BEGIN
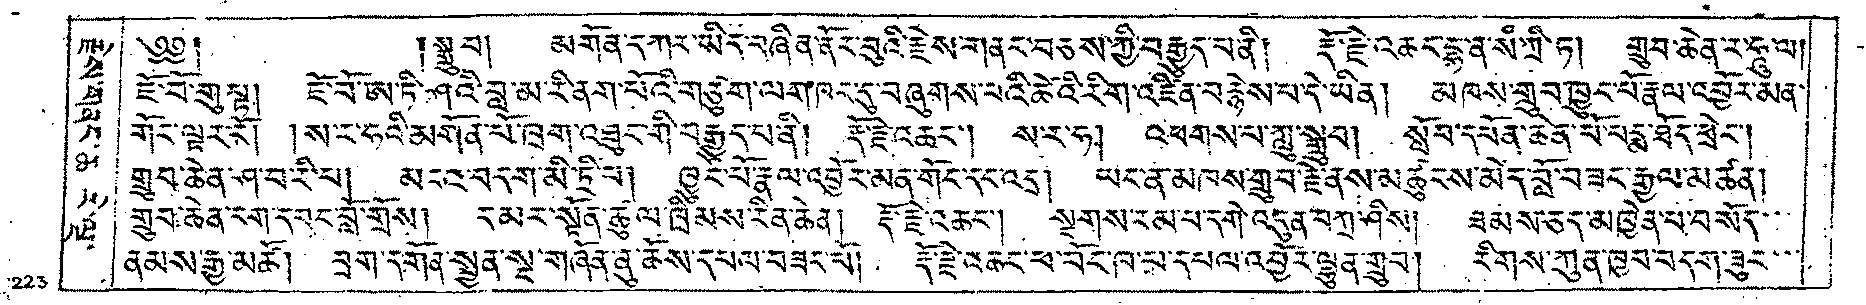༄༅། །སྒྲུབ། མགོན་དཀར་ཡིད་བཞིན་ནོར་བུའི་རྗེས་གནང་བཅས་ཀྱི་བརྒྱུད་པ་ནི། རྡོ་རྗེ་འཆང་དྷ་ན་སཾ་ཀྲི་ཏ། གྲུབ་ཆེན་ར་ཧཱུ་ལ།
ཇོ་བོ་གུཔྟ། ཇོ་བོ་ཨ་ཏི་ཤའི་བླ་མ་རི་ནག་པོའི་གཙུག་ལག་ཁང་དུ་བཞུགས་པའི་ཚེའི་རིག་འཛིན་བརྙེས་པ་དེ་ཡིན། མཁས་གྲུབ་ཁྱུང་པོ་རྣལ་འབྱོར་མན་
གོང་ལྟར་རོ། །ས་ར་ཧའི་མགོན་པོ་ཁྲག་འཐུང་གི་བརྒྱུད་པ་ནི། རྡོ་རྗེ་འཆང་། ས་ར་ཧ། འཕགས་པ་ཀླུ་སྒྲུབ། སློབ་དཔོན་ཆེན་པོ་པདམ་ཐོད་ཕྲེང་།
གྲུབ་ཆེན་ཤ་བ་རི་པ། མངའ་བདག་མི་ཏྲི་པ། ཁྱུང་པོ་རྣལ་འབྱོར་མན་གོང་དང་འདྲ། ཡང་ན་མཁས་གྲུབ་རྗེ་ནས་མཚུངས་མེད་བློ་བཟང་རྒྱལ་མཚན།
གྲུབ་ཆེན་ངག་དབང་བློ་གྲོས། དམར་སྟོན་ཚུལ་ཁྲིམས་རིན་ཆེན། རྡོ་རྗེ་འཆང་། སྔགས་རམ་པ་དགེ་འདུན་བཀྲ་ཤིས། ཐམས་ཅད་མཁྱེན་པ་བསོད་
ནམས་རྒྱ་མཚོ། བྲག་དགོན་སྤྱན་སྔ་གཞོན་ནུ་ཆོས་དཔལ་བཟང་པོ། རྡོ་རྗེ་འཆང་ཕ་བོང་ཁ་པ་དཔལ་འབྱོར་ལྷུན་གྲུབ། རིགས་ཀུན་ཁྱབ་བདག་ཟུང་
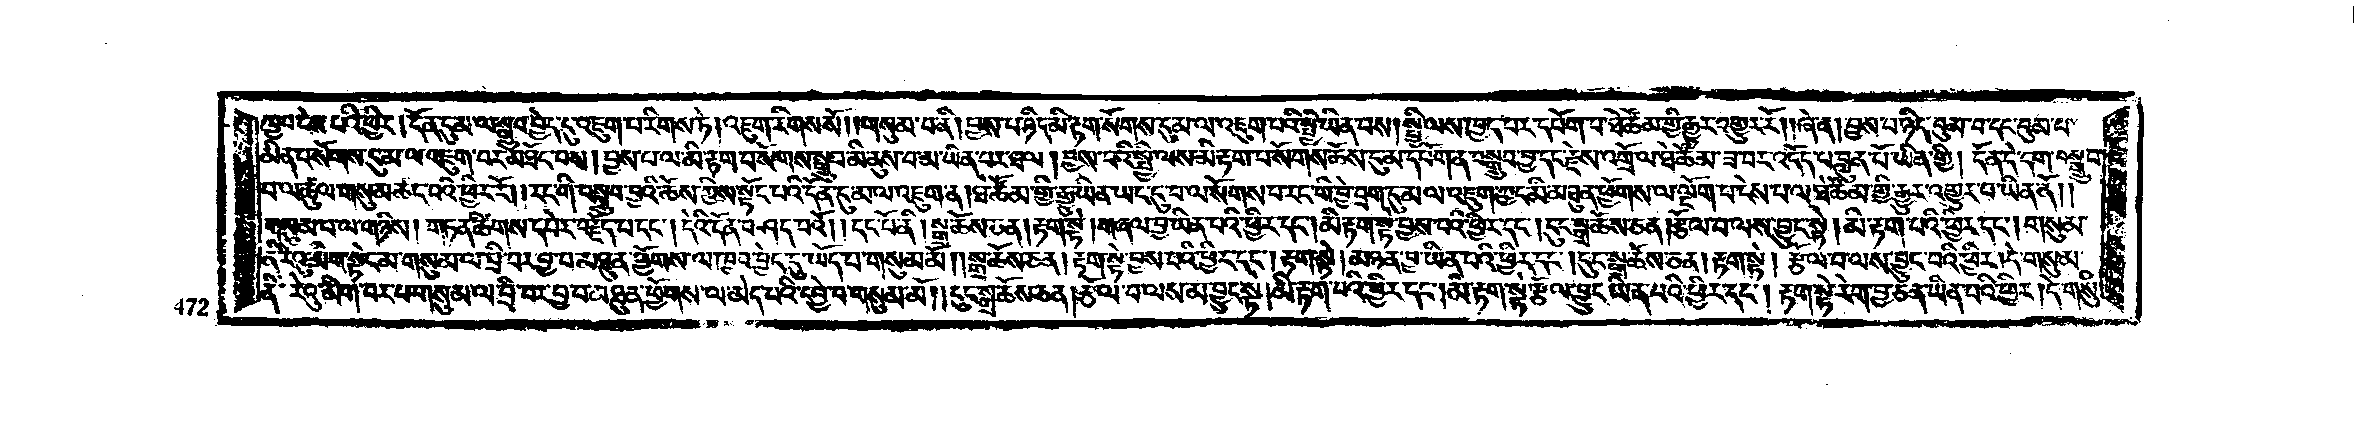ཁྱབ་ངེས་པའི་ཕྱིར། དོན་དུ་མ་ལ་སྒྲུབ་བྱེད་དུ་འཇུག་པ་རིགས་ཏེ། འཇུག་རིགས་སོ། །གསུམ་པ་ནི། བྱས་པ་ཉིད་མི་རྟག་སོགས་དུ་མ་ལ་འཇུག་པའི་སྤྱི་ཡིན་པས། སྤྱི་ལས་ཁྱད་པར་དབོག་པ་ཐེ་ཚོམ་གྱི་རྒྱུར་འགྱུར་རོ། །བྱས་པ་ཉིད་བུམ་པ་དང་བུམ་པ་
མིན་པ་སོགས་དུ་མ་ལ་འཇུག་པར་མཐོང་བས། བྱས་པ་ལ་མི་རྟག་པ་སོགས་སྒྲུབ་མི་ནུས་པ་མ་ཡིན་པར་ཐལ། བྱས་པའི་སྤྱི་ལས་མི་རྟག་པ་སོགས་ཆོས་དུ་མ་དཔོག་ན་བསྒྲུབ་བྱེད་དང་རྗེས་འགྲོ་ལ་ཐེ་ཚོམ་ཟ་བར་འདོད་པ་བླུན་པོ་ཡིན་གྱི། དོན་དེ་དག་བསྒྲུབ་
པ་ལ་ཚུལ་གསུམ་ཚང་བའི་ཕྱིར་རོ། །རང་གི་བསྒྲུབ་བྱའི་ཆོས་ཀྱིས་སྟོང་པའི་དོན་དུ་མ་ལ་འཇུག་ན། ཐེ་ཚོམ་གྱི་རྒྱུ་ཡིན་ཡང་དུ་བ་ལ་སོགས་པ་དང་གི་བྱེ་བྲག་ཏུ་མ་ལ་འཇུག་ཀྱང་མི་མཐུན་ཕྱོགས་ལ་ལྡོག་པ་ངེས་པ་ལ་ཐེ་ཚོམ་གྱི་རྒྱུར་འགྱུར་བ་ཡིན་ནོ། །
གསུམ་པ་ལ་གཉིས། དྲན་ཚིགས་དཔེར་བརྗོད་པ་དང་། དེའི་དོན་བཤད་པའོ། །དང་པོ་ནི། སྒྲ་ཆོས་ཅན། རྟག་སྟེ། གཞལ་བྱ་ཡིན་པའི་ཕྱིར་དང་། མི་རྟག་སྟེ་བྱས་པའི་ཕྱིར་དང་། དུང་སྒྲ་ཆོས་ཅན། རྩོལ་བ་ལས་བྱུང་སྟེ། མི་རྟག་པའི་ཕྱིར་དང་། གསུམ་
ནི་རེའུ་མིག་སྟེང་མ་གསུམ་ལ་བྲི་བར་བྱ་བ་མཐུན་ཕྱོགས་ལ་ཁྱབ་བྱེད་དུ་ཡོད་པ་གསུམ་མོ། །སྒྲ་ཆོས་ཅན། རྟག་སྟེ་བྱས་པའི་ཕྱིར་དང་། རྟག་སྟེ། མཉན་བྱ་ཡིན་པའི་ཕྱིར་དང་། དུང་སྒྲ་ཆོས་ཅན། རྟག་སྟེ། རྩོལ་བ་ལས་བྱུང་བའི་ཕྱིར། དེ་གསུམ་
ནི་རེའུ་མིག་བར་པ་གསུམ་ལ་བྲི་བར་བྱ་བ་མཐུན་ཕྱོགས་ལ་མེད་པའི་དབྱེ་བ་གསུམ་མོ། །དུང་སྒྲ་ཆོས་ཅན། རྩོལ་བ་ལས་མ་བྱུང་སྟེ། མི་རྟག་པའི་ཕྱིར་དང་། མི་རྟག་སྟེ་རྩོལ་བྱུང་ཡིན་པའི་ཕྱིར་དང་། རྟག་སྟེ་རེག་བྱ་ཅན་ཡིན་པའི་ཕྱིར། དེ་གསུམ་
END
#### WHAT YOU SHOULD DO:
Reproduce the material above exactly but drop all images.

#### ANSWER BOX:
༄༅། །སྒྲུབ། མགོན་དཀར་ཡིད་བཞིན་ནོར་བུའི་རྗེས་གནང་བཅས་ཀྱི་བརྒྱུད་པ་ནི། རྡོ་རྗེ་འཆང་དྷ་ན་སཾ་ཀྲི་ཏ། གྲུབ་ཆེན་ར་ཧཱུ་ལ།
ཇོ་བོ་གུཔྟ། ཇོ་བོ་ཨ་ཏི་ཤའི་བླ་མ་རི་ནག་པོའི་གཙུག་ལག་ཁང་དུ་བཞུགས་པའི་ཚེའི་རིག་འཛིན་བརྙེས་པ་དེ་ཡིན། མཁས་གྲུབ་ཁྱུང་པོ་རྣལ་འབྱོར་མན་
གོང་ལྟར་རོ། །ས་ར་ཧའི་མགོན་པོ་ཁྲག་འཐུང་གི་བརྒྱུད་པ་ནི། རྡོ་རྗེ་འཆང་། ས་ར་ཧ། འཕགས་པ་ཀླུ་སྒྲུབ། སློབ་དཔོན་ཆེན་པོ་པདམ་ཐོད་ཕྲེང་།
གྲུབ་ཆེན་ཤ་བ་རི་པ། མངའ་བདག་མི་ཏྲི་པ། ཁྱུང་པོ་རྣལ་འབྱོར་མན་གོང་དང་འདྲ། ཡང་ན་མཁས་གྲུབ་རྗེ་ནས་མཚུངས་མེད་བློ་བཟང་རྒྱལ་མཚན།
གྲུབ་ཆེན་ངག་དབང་བློ་གྲོས། དམར་སྟོན་ཚུལ་ཁྲིམས་རིན་ཆེན། རྡོ་རྗེ་འཆང་། སྔགས་རམ་པ་དགེ་འདུན་བཀྲ་ཤིས། ཐམས་ཅད་མཁྱེན་པ་བསོད་
ནམས་རྒྱ་མཚོ། བྲག་དགོན་སྤྱན་སྔ་གཞོན་ནུ་ཆོས་དཔལ་བཟང་པོ། རྡོ་རྗེ་འཆང་ཕ་བོང་ཁ་པ་དཔལ་འབྱོར་ལྷུན་གྲུབ། རིགས་ཀུན་ཁྱབ་བདག་ཟུང་
ཁྱབ་ངེས་པའི་ཕྱིར། དོན་དུ་མ་ལ་སྒྲུབ་བྱེད་དུ་འཇུག་པ་རིགས་ཏེ། འཇུག་རིགས་སོ། །གསུམ་པ་ནི། བྱས་པ་ཉིད་མི་རྟག་སོགས་དུ་མ་ལ་འཇུག་པའི་སྤྱི་ཡིན་པས། སྤྱི་ལས་ཁྱད་པར་དབོག་པ་ཐེ་ཚོམ་གྱི་རྒྱུར་འགྱུར་རོ། །བྱས་པ་ཉིད་བུམ་པ་དང་བུམ་པ་
མིན་པ་སོགས་དུ་མ་ལ་འཇུག་པར་མཐོང་བས། བྱས་པ་ལ་མི་རྟག་པ་སོགས་སྒྲུབ་མི་ནུས་པ་མ་ཡིན་པར་ཐལ། བྱས་པའི་སྤྱི་ལས་མི་རྟག་པ་སོགས་ཆོས་དུ་མ་དཔོག་ན་བསྒྲུབ་བྱེད་དང་རྗེས་འགྲོ་ལ་ཐེ་ཚོམ་ཟ་བར་འདོད་པ་བླུན་པོ་ཡིན་གྱི། དོན་དེ་དག་བསྒྲུབ་
པ་ལ་ཚུལ་གསུམ་ཚང་བའི་ཕྱིར་རོ། །རང་གི་བསྒྲུབ་བྱའི་ཆོས་ཀྱིས་སྟོང་པའི་དོན་དུ་མ་ལ་འཇུག་ན། ཐེ་ཚོམ་གྱི་རྒྱུ་ཡིན་ཡང་དུ་བ་ལ་སོགས་པ་དང་གི་བྱེ་བྲག་ཏུ་མ་ལ་འཇུག་ཀྱང་མི་མཐུན་ཕྱོགས་ལ་ལྡོག་པ་ངེས་པ་ལ་ཐེ་ཚོམ་གྱི་རྒྱུར་འགྱུར་བ་ཡིན་ནོ། །
གསུམ་པ་ལ་གཉིས། དྲན་ཚིགས་དཔེར་བརྗོད་པ་དང་། དེའི་དོན་བཤད་པའོ། །དང་པོ་ནི། སྒྲ་ཆོས་ཅན། རྟག་སྟེ། གཞལ་བྱ་ཡིན་པའི་ཕྱིར་དང་། མི་རྟག་སྟེ་བྱས་པའི་ཕྱིར་དང་། དུང་སྒྲ་ཆོས་ཅན། རྩོལ་བ་ལས་བྱུང་སྟེ། མི་རྟག་པའི་ཕྱིར་དང་། གསུམ་
ནི་རེའུ་མིག་སྟེང་མ་གསུམ་ལ་བྲི་བར་བྱ་བ་མཐུན་ཕྱོགས་ལ་ཁྱབ་བྱེད་དུ་ཡོད་པ་གསུམ་མོ། །སྒྲ་ཆོས་ཅན། རྟག་སྟེ་བྱས་པའི་ཕྱིར་དང་། རྟག་སྟེ། མཉན་བྱ་ཡིན་པའི་ཕྱིར་དང་། དུང་སྒྲ་ཆོས་ཅན། རྟག་སྟེ། རྩོལ་བ་ལས་བྱུང་བའི་ཕྱིར། དེ་གསུམ་
ནི་རེའུ་མིག་བར་པ་གསུམ་ལ་བྲི་བར་བྱ་བ་མཐུན་ཕྱོགས་ལ་མེད་པའི་དབྱེ་བ་གསུམ་མོ། །དུང་སྒྲ་ཆོས་ཅན། རྩོལ་བ་ལས་མ་བྱུང་སྟེ། མི་རྟག་པའི་ཕྱིར་དང་། མི་རྟག་སྟེ་རྩོལ་བྱུང་ཡིན་པའི་ཕྱིར་དང་། རྟག་སྟེ་རེག་བྱ་ཅན་ཡིན་པའི་ཕྱིར། དེ་གསུམ་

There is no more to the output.